*** MATERIAL SUPPLIED Section Begins ***

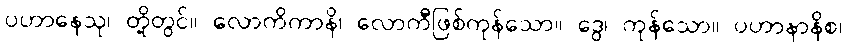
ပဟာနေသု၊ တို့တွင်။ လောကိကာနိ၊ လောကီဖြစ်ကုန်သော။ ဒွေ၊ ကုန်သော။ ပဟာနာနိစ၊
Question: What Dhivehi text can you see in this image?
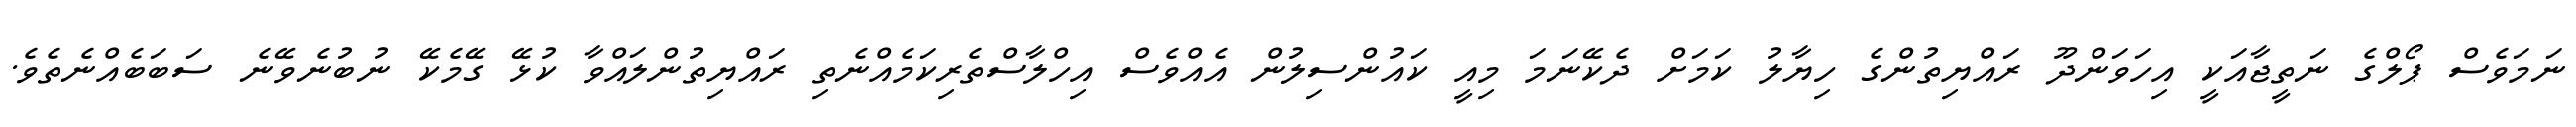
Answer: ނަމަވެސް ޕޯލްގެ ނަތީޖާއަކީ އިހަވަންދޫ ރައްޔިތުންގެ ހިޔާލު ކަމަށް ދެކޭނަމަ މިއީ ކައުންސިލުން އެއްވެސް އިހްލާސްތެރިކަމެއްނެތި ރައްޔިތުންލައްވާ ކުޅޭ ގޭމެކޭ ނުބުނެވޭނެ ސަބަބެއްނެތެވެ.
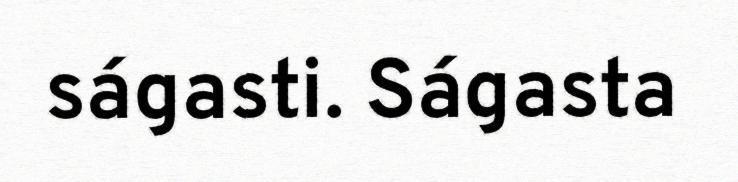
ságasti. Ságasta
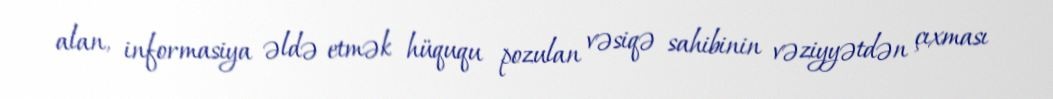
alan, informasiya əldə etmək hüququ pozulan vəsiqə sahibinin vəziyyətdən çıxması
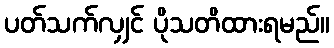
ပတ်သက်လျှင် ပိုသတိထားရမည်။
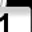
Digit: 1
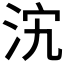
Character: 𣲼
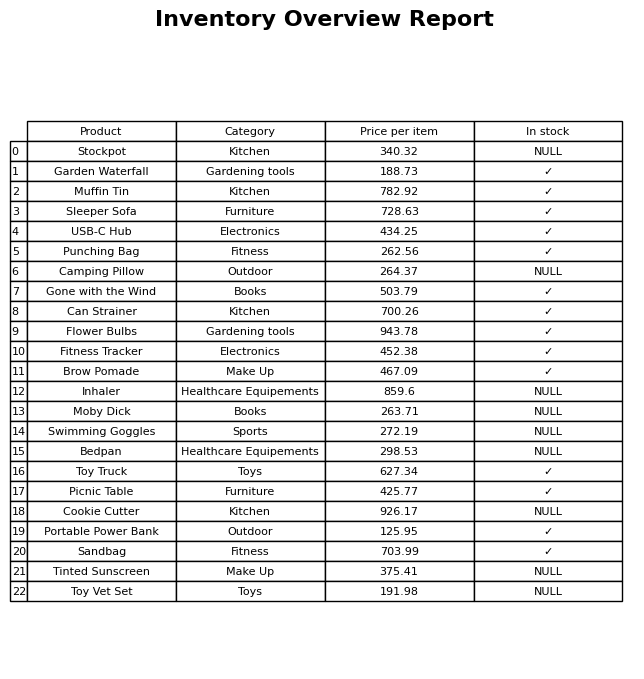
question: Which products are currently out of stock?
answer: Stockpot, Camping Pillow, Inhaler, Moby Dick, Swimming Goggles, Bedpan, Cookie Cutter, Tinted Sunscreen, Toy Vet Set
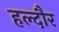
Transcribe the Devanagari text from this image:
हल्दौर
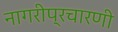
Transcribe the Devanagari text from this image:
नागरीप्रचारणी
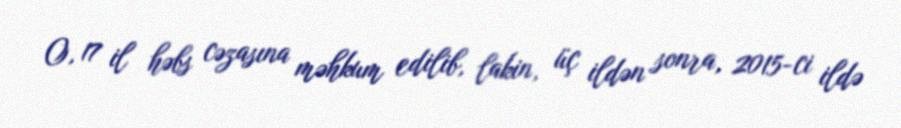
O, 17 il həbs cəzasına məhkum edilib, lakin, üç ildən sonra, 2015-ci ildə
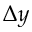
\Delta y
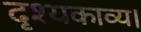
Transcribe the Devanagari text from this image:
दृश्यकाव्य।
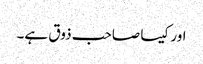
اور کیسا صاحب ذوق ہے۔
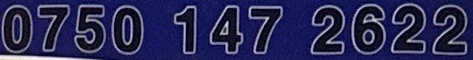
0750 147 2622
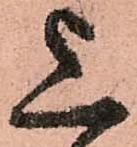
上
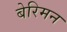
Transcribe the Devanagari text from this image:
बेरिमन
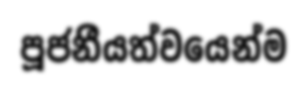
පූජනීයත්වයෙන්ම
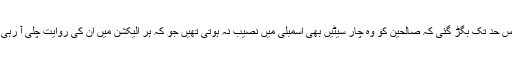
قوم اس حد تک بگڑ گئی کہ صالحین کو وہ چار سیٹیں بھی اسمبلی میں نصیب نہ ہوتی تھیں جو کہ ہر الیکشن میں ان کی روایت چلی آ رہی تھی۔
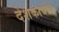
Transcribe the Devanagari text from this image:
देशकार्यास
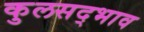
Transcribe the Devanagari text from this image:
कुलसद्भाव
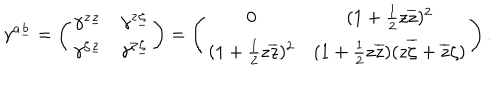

*** MATERIAL SUPPLIED Section Ends ***

→ EXERCISE DESCRIPTION
Begin at the line with "Question: What Dhivehi" and retype exactly every line through the last one of the entries above, both included, and nothing more; pictures stay out.

→ EXERCISE RESULT
Question: What Dhivehi text can you see in this image?
Answer: ނަމަވެސް ޕޯލްގެ ނަތީޖާއަކީ އިހަވަންދޫ ރައްޔިތުންގެ ހިޔާލު ކަމަށް ދެކޭނަމަ މިއީ ކައުންސިލުން އެއްވެސް އިހްލާސްތެރިކަމެއްނެތި ރައްޔިތުންލައްވާ ކުޅޭ ގޭމެކޭ ނުބުނެވޭނެ ސަބަބެއްނެތެވެ.
ságasti. Ságasta
alan, informasiya əldə etmək hüququ pozulan vəsiqə sahibinin vəziyyətdən çıxması
ပတ်သက်လျှင် ပိုသတိထားရမည်။
Digit: 1
Character: 𣲼
question: Which products are currently out of stock?
answer: Stockpot, Camping Pillow, Inhaler, Moby Dick, Swimming Goggles, Bedpan, Cookie Cutter, Tinted Sunscreen, Toy Vet Set
Transcribe the Devanagari text from this image:
हल्दौर
Transcribe the Devanagari text from this image:
नागरीप्रचारणी
O, 17 il həbs cəzasına məhkum edilib, lakin, üç ildən sonra, 2015-ci ildə
\Delta y
Transcribe the Devanagari text from this image:
दृश्यकाव्य।
اور کیسا صاحب ذوق ہے۔
0750 147 2622
上
Transcribe the Devanagari text from this image:
बेरिमन
පූජනීයත්වයෙන්ම
قوم اس حد تک بگڑ گئی کہ صالحین کو وہ چار سیٹیں بھی اسمبلی میں نصیب نہ ہوتی تھیں جو کہ ہر الیکشن میں ان کی روایت چلی آ رہی تھی۔
Transcribe the Devanagari text from this image:
देशकार्यास
Transcribe the Devanagari text from this image:
कुलसद्भाव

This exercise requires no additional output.